The spinal cord alone, without brain input, coordinates and automates many complex movement functions. A team of scientists at the Salk Institute in San Diego, led by Sam Pfaff, a member of the Reeve Foundation International Research Consortium on Spinal Cord Injury, made a big step this month toward understanding how this works.
The research, Spinal Locomotor Circuits Develop Using Hierarchical Rules Based on Motorneuron Position and Identity,” was published in the journal Neuron.
Let's have lead author Christopher Hinckley put the bottom line on top:
When we walk, we don't think about how to take a step, which muscles to use, and when. Neural networks in the spinal cord encode these behaviors without the need to make conscious decisions. It has been appreciated for many years that the spinal cord can generate walking without specific 'instructions' from the brain. We wanted to know how these networks form. Specifically, we asked whether the genetic identity and/or location of neurons was critical for network function. This work reveals the importance of genetic identity in the formation of networks in the spinal cord.

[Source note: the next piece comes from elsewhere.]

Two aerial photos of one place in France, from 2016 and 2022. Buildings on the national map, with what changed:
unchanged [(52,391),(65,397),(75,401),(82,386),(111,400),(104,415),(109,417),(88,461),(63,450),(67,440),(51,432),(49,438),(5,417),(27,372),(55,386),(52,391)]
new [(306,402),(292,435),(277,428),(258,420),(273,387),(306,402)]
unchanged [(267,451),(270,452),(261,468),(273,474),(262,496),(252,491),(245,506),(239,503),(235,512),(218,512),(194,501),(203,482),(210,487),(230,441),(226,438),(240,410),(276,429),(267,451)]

The Salk team used what's called two photon fluorescence microscopy – this cutting edge technique uses two sources of light energy, or photons, to activate a florescent dye and thus reveal at very high resolution the inner workings of cells. In this experiment, they were able to watch in real time which specific cell types lit up after chemicals were applied to spinal cord circuits known to activate walking movements.
Said Pfaff, "Using optical methods to be able to watch neuron activity has been a dream over the past decade. Now, it's one of those rare times when the technology is actually coming together to show you things you hadn't been able to see before.

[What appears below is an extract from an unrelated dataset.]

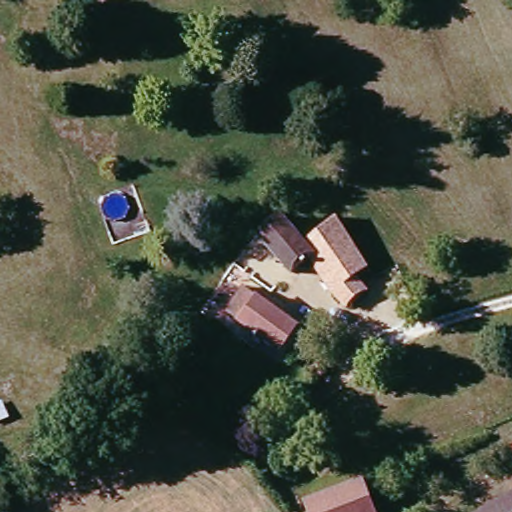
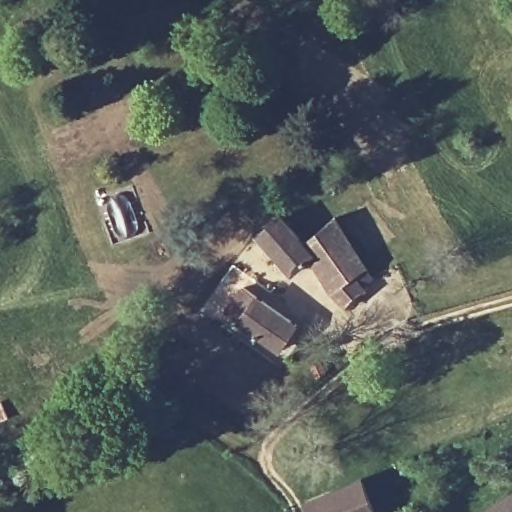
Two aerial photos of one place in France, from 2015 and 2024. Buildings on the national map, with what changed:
unchanged [(359,287),(362,291),(340,306),(306,259),(278,283),(241,245),(264,224),(280,212),(299,241),(334,220),(347,211),(368,246),(375,260),(359,268),(368,278),(359,287)]
unchanged [(282,347),(240,317),(257,294),(298,323),(282,347)]
unchanged [(363,480),(375,512),(310,512),(306,501),(363,480)]
unchanged [(484,510),(512,492),(512,512),(484,512),(484,510)]

"You don't need to do any kind of post-image processing to interpret this. These are just raw signals you can see through the eyepiece of a microscope. It's really a jaw-dropping kind of visualization for a neuroscientist."
The experiment was hoping to solve a long-standing puzzle about how the spinal cord's nerve networks, called the central pattern generator (CPG), connect to the right motor neurons to enable complex movements, including walking.
Activating the CPG, as regular readers here know, is the key to understanding how spinal cord stimulation is able to reanimate function. We have covered, for example, the remarkable results of epidural stimulation experiments on a handful of human subjects. But until now, scientists weren't sure how the CPG worked, or even where it lived. The Salk team has come a long way toward providing the map.
They found that the location of a motor neuron (the nerve cells in the spinal cord that activate muscle) was an important factor in determining its role, but not the only one. The also found that the genetic identity (e.g., ones that fire calf muscle are distinct from those that might fire the quadriceps) of each subtype of cells is important.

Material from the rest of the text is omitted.